Manuel Adónis

Fevereiro 2022


GEOLOGIA DE CAMPO

SÓCIO APG Nº O1

É natural de Alcains e atualmente dedica-se à sua loja de minerais e fósseis, a GEO 2000 em Lisboa. O seu primeiro contacto com a Geologia foi uma disciplina de mineralogia, no 2º ano da licenciatura de geografia, a qual o fez mudar de curso!

"...Era para mim único. Nós dizíamos na altura que o professor Carlos Teixeira era solteiro e tinha casado com a Geologia."

Foi ao engano para o curso de Geografia, mas felizmente as aulas de mineralogia no 2º ano resgataram-no. Manuel Adónis, sócio nº1 da APG e amante de minerais. E quanto mais raros, melhor. Foi rodeado por eles, na sua conhecida loja GEO 2000, em Lisboa, que nos contou décadas de dedicação à cartografia geológica. Nunca se esquece a primeira carta... mas nada como a experiência para nos fazer desfrutar das seguintes. Da Beira Baixa para o mundo, venham conhecer quem conheceu várias gerações da nossa Geologia. Talvez fevereiro seja demasiado pequeno, para abraçar uma tão grande história. 


Entrevista
Areeiro, Lisboa, julho de 2022


1) Nome, idade e local de nascimento.

Manuel Lopes Adónis, natural de Alcains. [Nasci a] 12 de fevereiro de 1940 [81 anos]. 
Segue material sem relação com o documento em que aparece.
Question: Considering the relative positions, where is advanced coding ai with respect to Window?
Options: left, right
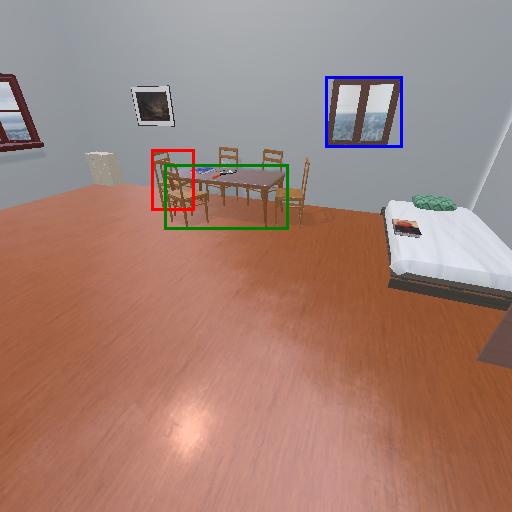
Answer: left
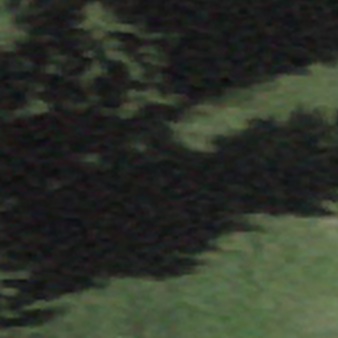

2) Se tivesse de resumir numa única frase o que faz profissionalmente, para leigos, o que diria?

Estudo os minerais constituintes das rochas, é a minha ocupação principal.
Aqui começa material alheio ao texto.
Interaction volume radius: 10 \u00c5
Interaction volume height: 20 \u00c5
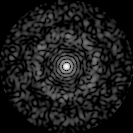
Disorder parameter: 0.8309
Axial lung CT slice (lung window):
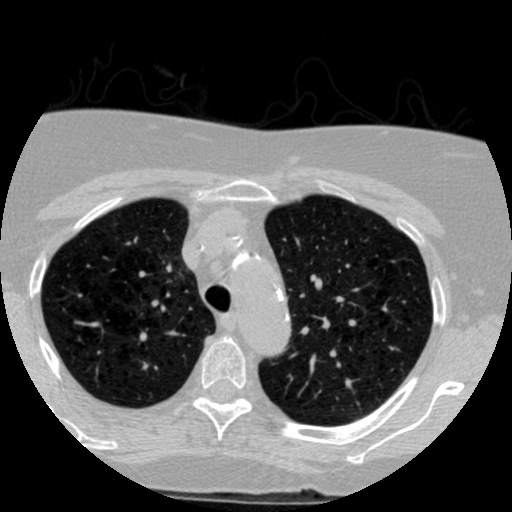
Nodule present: no
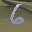
Label: 6
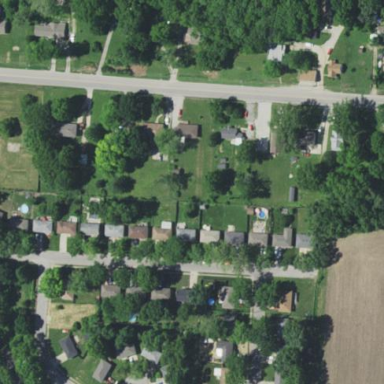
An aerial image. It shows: Single-family residential area.
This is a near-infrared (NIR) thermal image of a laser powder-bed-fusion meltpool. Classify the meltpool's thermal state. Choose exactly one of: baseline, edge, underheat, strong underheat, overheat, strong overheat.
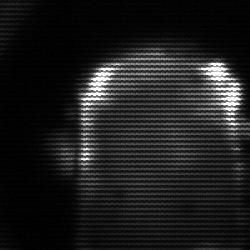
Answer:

3) Em que ano e onde ingressou no curso de Geologia?

Em 1964, na Universidade de Lisboa, Faculdade de Ciências, a antiga, na Escola Politécnica.

4) O que o levou a seguir Geologia?

Foi um caso um pouco raro, talvez. Eu vim do liceu diretamente para o curso de Geografia, para a Faculdade de Letras. Depois, na Faculdade de Letras, tive uma cadeira de mineralogia. Essa cadeira era dada na Faculdade de Ciências pelo Doutor [Rodrigo] Bouto. Aí, tive o primeiro contacto com problemas da mineralogia e da Geologia. E então, cheguei à conclusão de que eu gostava era daquilo, não era de geografia. Eu não gostava de geografia, gostava era de Geologia. E nessa altura, eu já estava no segundo ano de geografia, mudei para Geologia. Mas como estava também a cumprir o serviço militar, foi fácil transitar de um curso para o outro. E foi assim que eu decidi.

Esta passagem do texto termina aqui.